Skip the pictures. Repeat everything else in the records word for word.

---*---

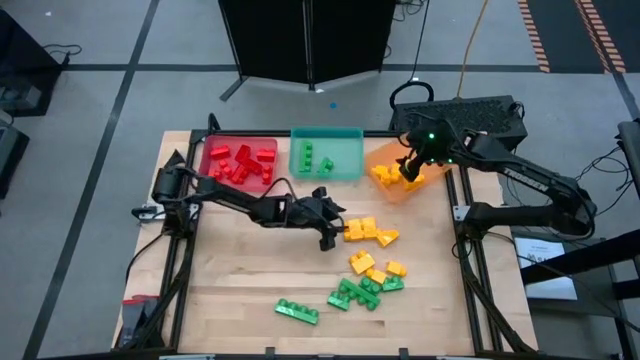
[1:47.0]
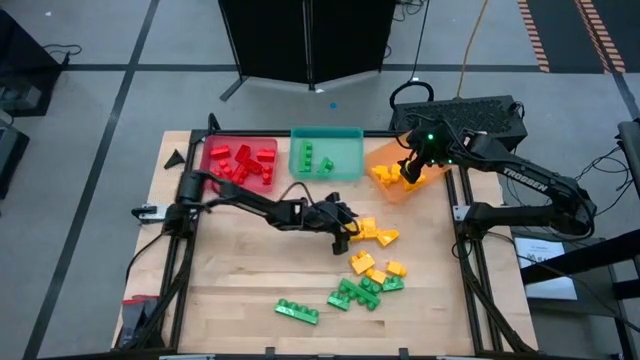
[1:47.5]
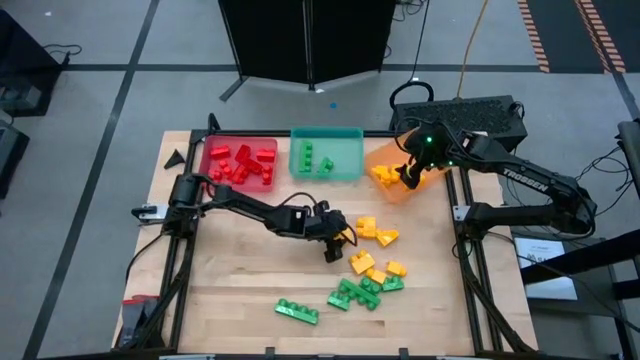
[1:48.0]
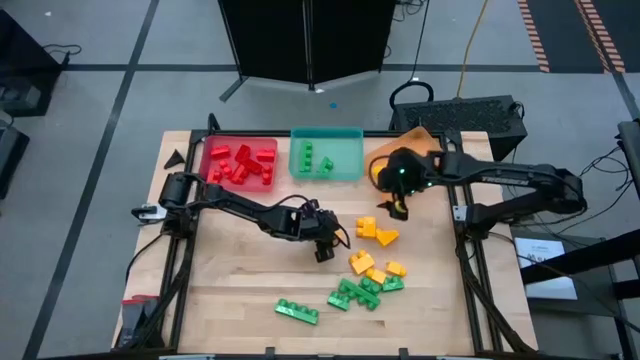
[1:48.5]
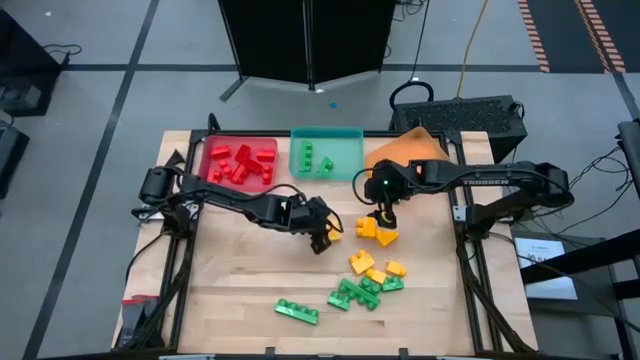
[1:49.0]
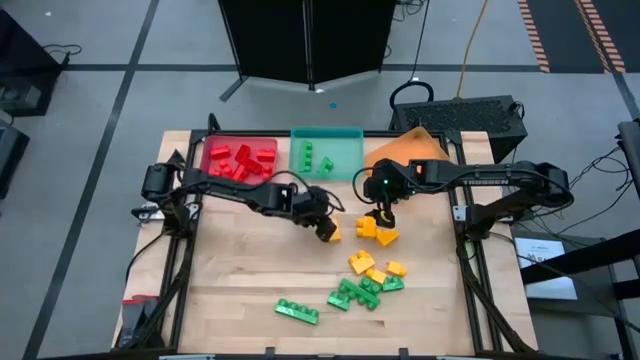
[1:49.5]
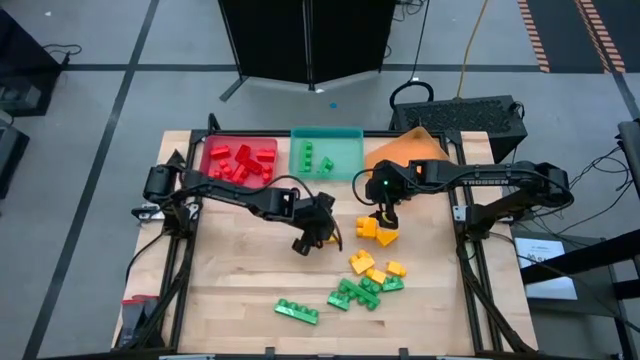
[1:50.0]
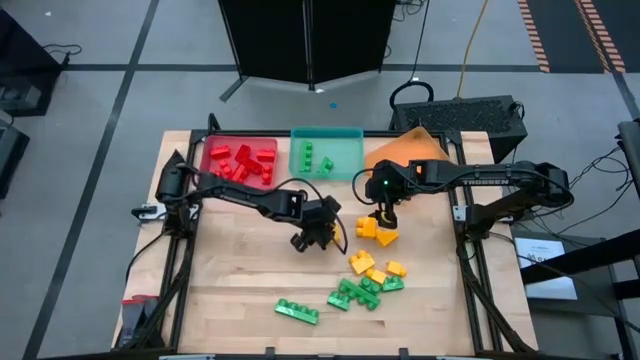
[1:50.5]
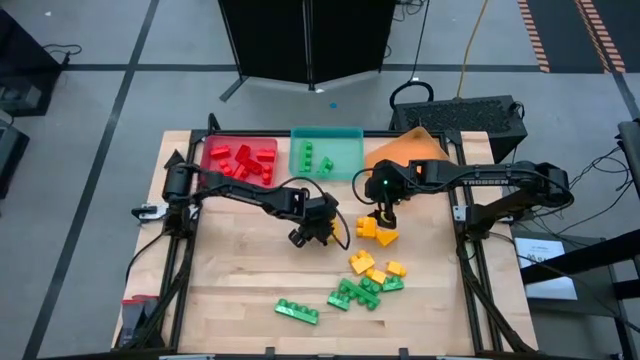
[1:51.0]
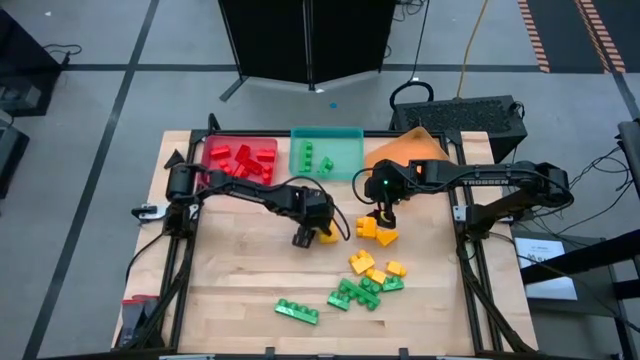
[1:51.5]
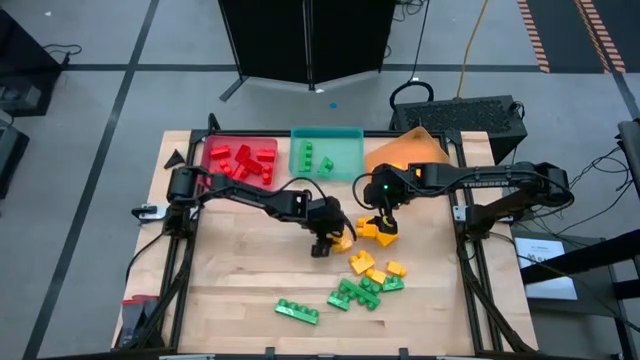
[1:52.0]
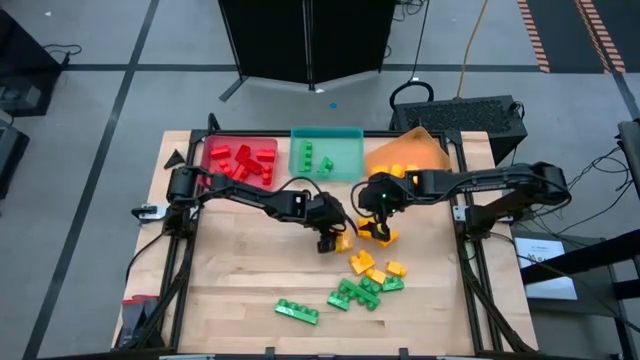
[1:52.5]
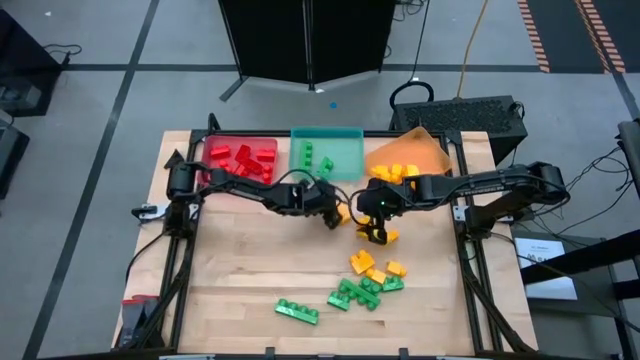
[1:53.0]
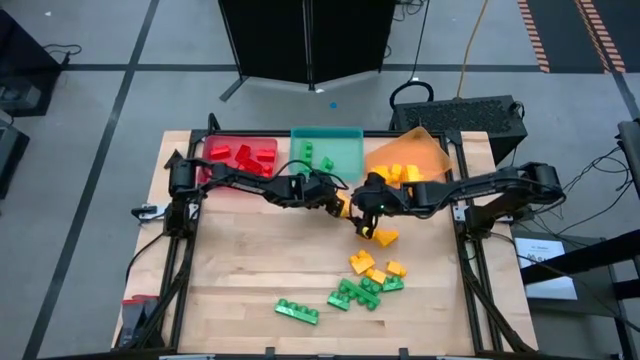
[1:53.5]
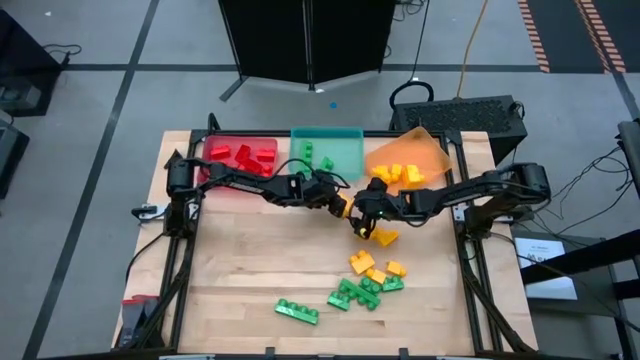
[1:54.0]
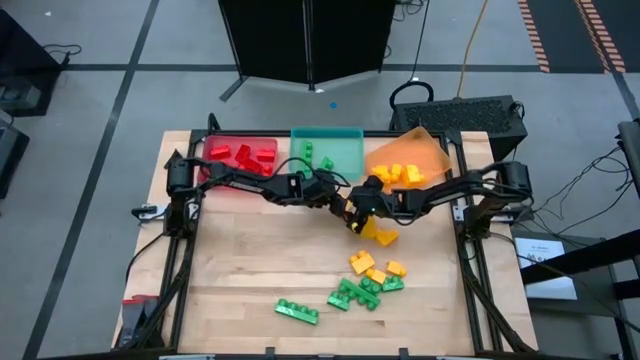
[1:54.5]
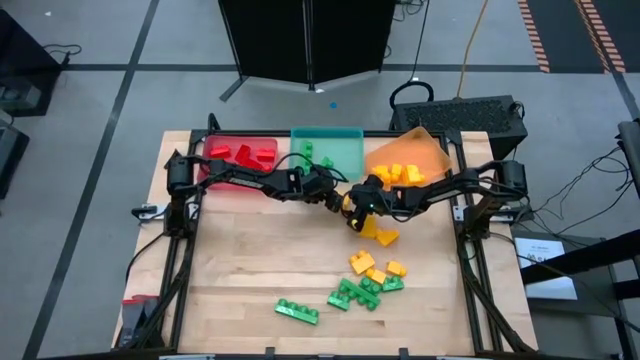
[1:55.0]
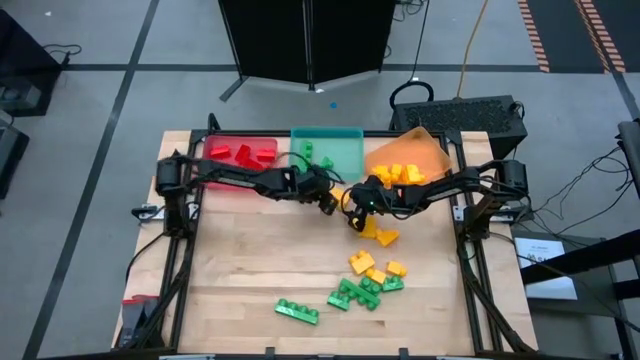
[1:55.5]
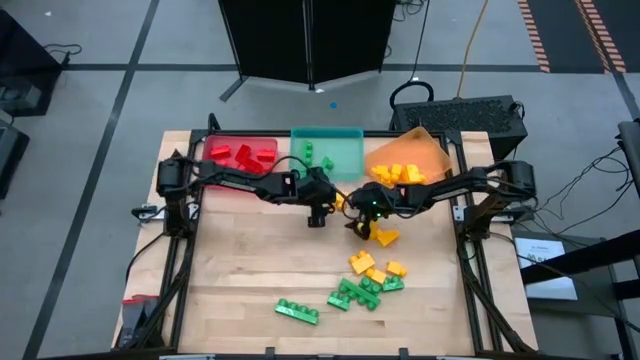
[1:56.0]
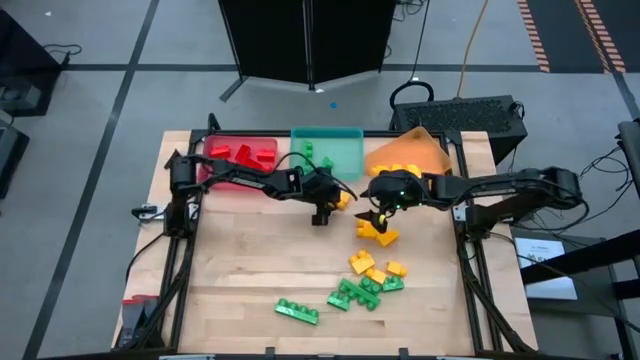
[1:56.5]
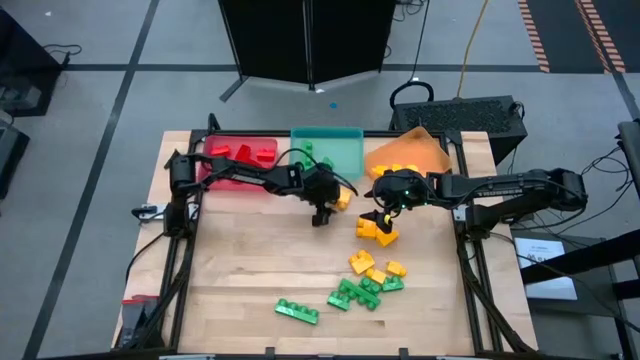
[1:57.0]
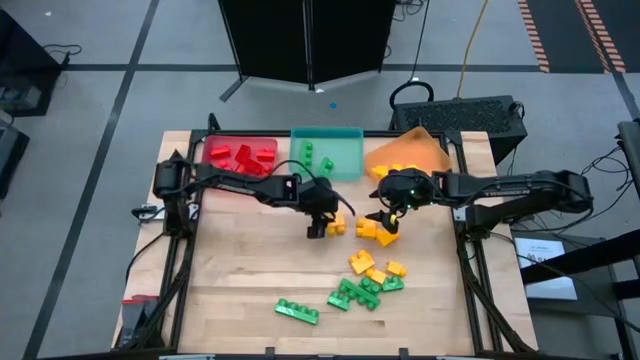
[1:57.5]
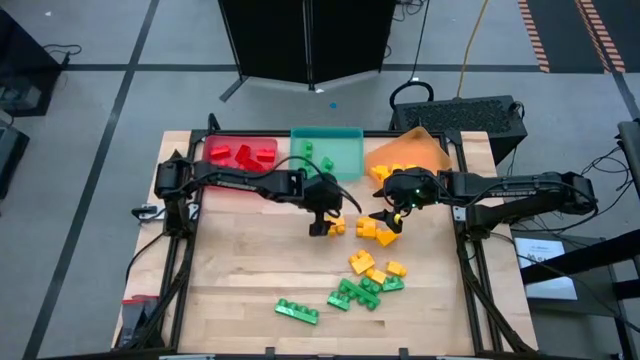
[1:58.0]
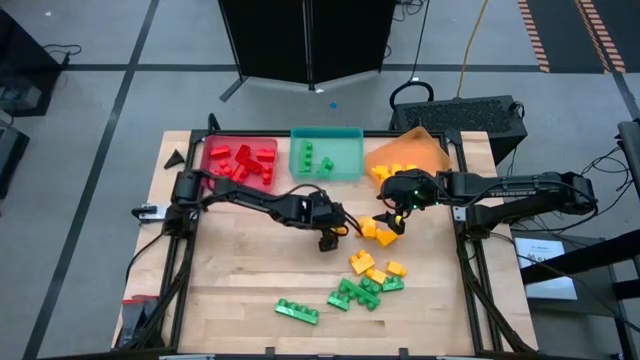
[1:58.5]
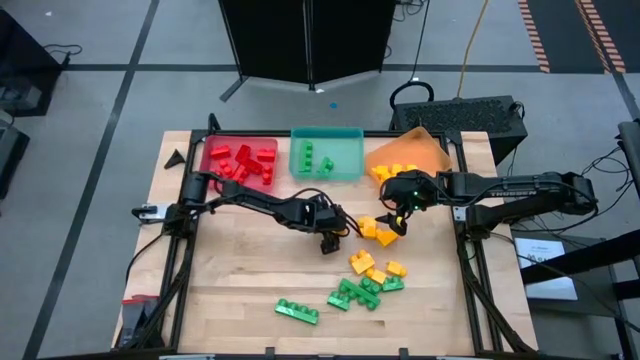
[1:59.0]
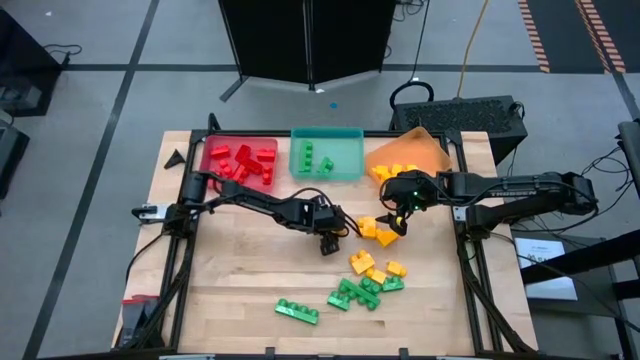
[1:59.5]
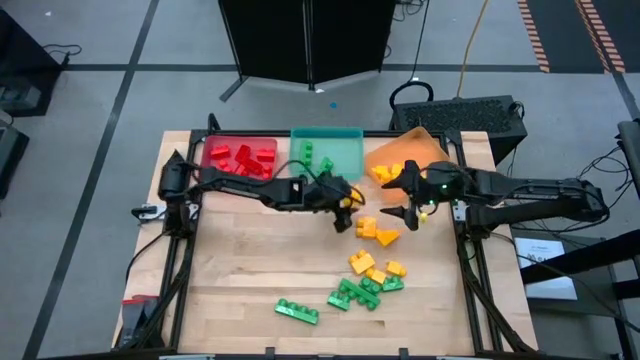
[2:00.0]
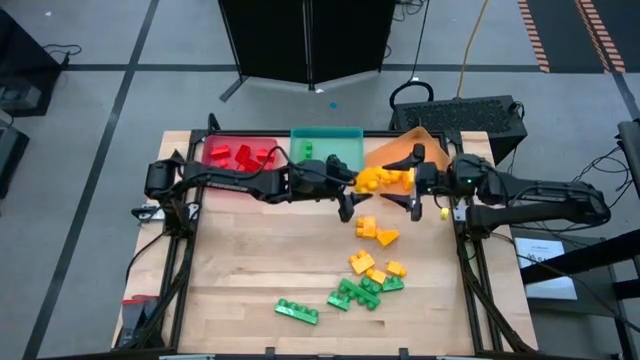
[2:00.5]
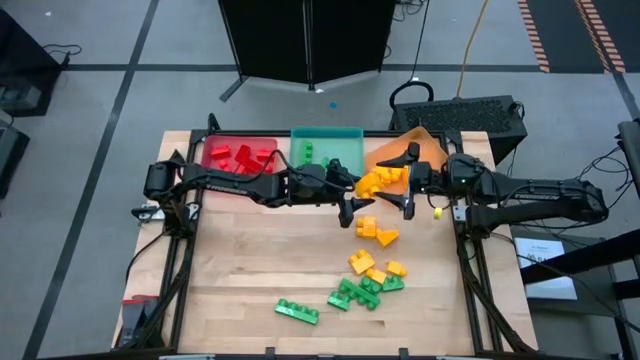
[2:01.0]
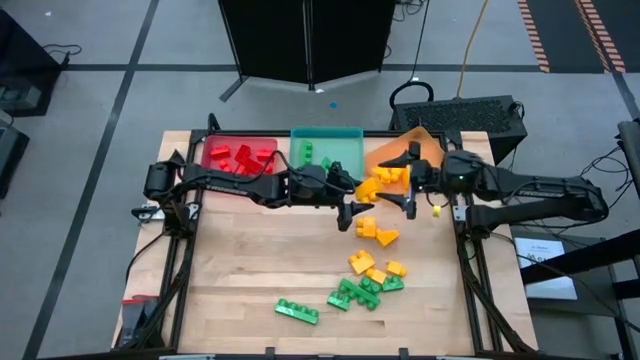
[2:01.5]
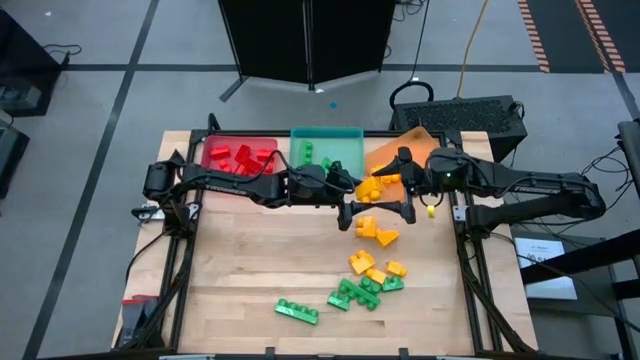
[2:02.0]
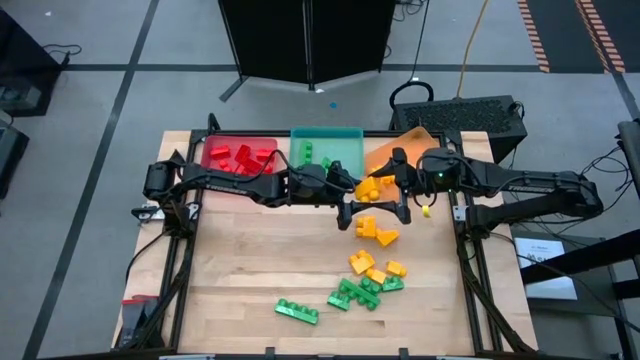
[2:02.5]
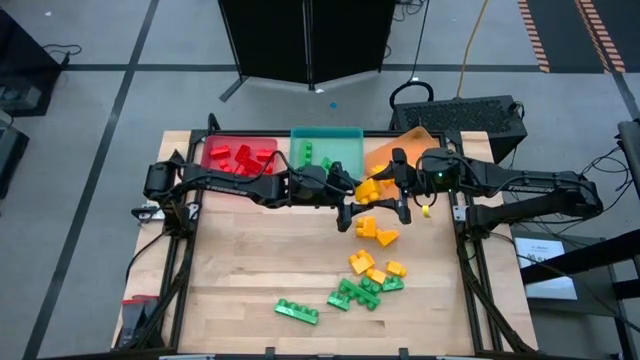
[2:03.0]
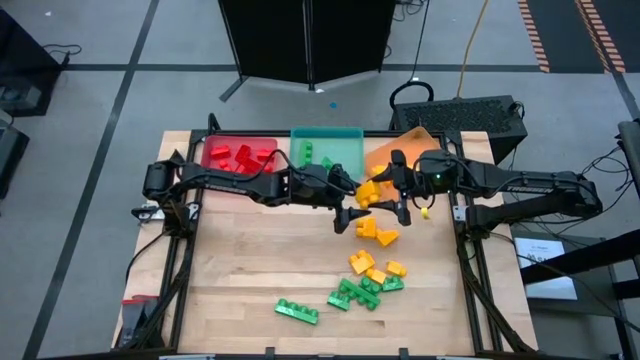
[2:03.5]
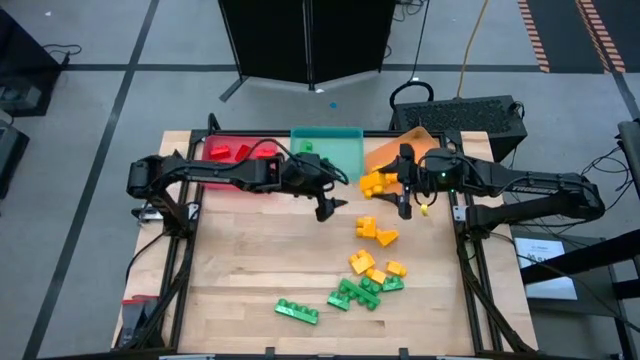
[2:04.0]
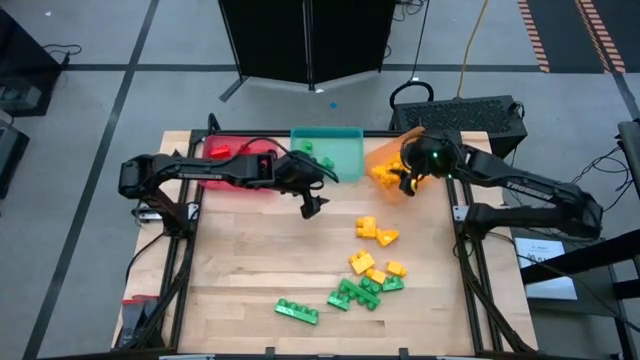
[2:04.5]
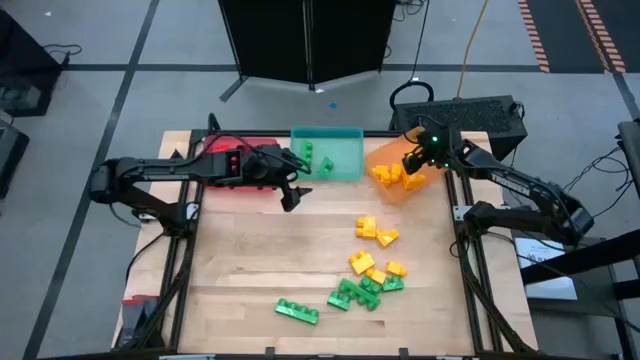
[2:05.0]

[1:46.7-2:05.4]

---*---

RESPONSE TO THIS TASK:
[1:47.0]
[1:47.5]
[1:48.0]
[1:48.5]
[1:49.0]
[1:49.5]
[1:50.0]
[1:50.5]
[1:51.0]
[1:51.5]
[1:52.0]
[1:52.5]
[1:53.0]
[1:53.5]
[1:54.0]
[1:54.5]
[1:55.0]
[1:55.5]
[1:56.0]
[1:56.5]
[1:57.0]
[1:57.5]
[1:58.0]
[1:58.5]
[1:59.0]
[1:59.5]
[2:00.0]
[2:00.5]
[2:01.0]
[2:01.5]
[2:02.0]
[2:02.5]
[2:03.0]
[2:03.5]
[2:04.0]
[2:04.5]
[2:05.0]

[1:46.7-2:05.4]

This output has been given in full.